Mar 03 10:09:01 canwinsdc1 rke2[1007358]: time=“2026-03-03T10:09:01+08:00” level=info msg=“certificate CN=canwinsdc1 signed by CN=rke2-server-ca@1772502570: notBefore=2026-03-03 01:49:30 +0000 UTC notAfter=2027-03-03 02:09:01 +0000 UTC”
Mar 03 10:09:01 canwinsdc1 rke2[1007358]: time=“2026-03-03T10:09:01+08:00” level=info msg=“certificate CN=system:node:canwinsdc1,O=system:nodes signed by CN=rke2-client-ca@1772502570: notBefore=2026-03-03 01:49:30 +0000 UTC notAfter=2027-03-03 02:09:01 +0000 UTC”
Mar 03 10:09:01 canwinsdc1 rke2[1007358]: time=“2026-03-03T10:09:01+08:00” level=info msg=“certificate CN=system:kube-proxy signed by CN=rke2-client-ca@1772502570: notBefore=2026-03-03 01:49:30 +0000 UTC notAfter=2027-03-03 02:09:01 +0000 UTC”
Mar 03 10:09:02 canwinsdc1 rke2[1007358]: time=“2026-03-03T10:09:02+08:00” level=info msg=“certificate CN=system:rke2-controller signed by CN=rke2-client-ca@1772502570: notBefore=2026-03-03 01:49:30 +0000 UTC notAfter=2027-03-03 02:09:02 +0000 UTC”
Mar 03 10:09:02 canwinsdc1 rke2[1007358]: time=“2026-03-03T10:09:02+08:00” level=info msg=“Module overlay was already loaded”
Mar 03 10:09:02 canwinsdc1 rke2[1007358]: time=“2026-03-03T10:09:02+08:00” level=info msg=“Module nf_conntrack was already loaded”
Mar 03 10:09:02 canwinsdc1 rke2[1007358]: time=“2026-03-03T10:09:02+08:00” level=info msg=“Module br_netfilter was already loaded”
Mar 03 10:09:02 canwinsdc1 rke2[1007358]: time=“2026-03-03T10:09:02+08:00” level=info msg=“Module iptable_nat was already loaded”
Mar 03 10:09:02 canwinsdc1 rke2[1007358]: time=“2026-03-03T10:09:02+08:00” level=info msg=“Module iptable_filter was already loaded”
Mar 03 10:09:02 canwinsdc1 rke2[1007358]: time=“2026-03-03T10:09:02+08:00” level=warning msg=“Failed to load kernel module nft-expr-counter with modprobe”
Mar 03 10:09:02 canwinsdc1 rke2[1007358]: time=“2026-03-03T10:09:02+08:00” level=info msg=“Removed kube-proxy static pod manifest”
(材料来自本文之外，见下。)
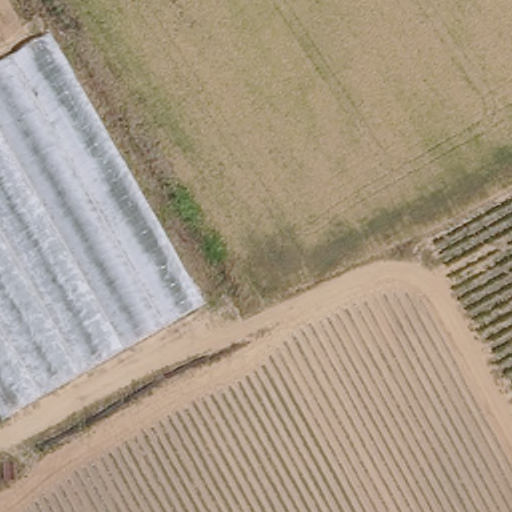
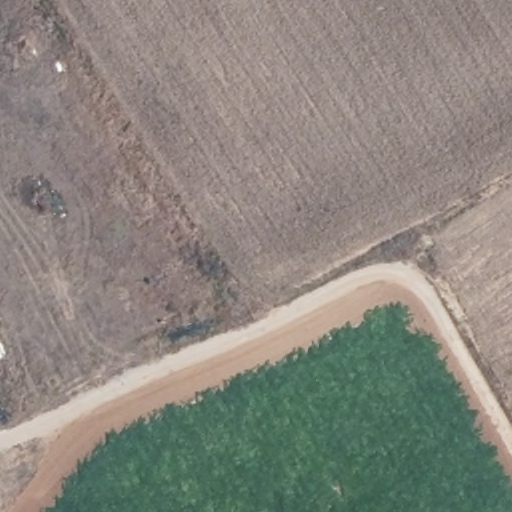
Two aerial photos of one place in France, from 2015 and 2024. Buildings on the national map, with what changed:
demolished [(51,35),(202,306),(0,421),(0,65),(51,35)]

Mar 03 10:09:02 canwinsdc1 rke2[1007358]: time=“2026-03-03T10:09:02+08:00” level=info msg=“Checking local image archives in /var/lib/rancher/rke2/agent/images for index.docker.io/rancher/rke2-runtime:v1.34.4-rke2r1”
Mar 03 10:09:02 canwinsdc1 rke2[1007358]: time=“2026-03-03T10:09:02+08:00” level=warning msg=“Failed to load runtime image index.docker.io/rancher/rke2-runtime:v1.34.4-rke2r1 from tarball: no local image available for index.docker.io/rancher/rke2-runtime:v1.34.4-rke2r1: not found in any file in /var/lib/rancher/rke2/agent/images: image not found”
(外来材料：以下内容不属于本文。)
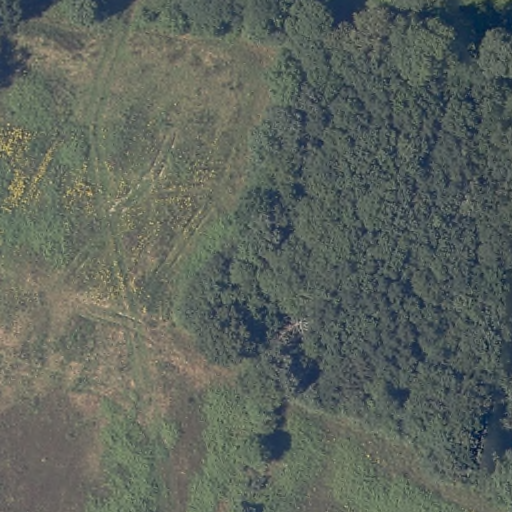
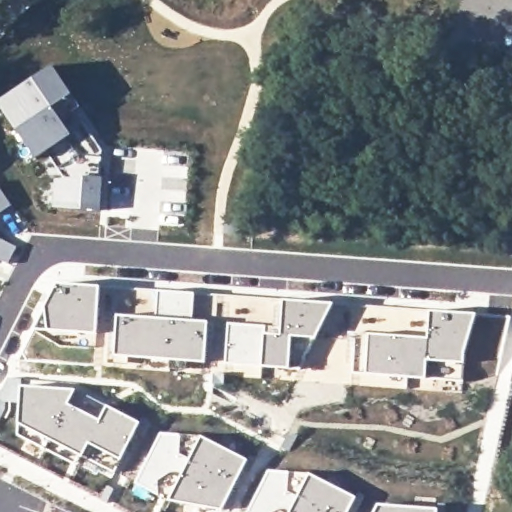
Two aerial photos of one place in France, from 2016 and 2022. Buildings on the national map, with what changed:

Mar 03 10:09:02 canwinsdc1 rke2[1007358]: time=“2026-03-03T10:09:02+08:00” level=info msg=“Checking local image archives in /var/lib/rancher/rke2/agent/images for index.docker.io/rancher/rke2-runtime:v1.34.4-rke2r1”
Mar 03 10:09:02 canwinsdc1 rke2[1007358]: time=“2026-03-03T10:09:02+08:00” level=info msg=“Found crun container runtime at /usr/bin/crun”
Mar 03 10:09:02 canwinsdc1 rke2[1007358]: time=“2026-03-03T10:09:02+08:00” level=warning msg=“Failed to load runtime image index.docker.io/rancher/rke2-runtime:v1.34.4-rke2r1 from tarball: no local image available for index.docker.io/rancher/rke2-runtime:v1.34.4-rke2r1: not found in any file in /var/lib/rancher/rke2/agent/images: image not found”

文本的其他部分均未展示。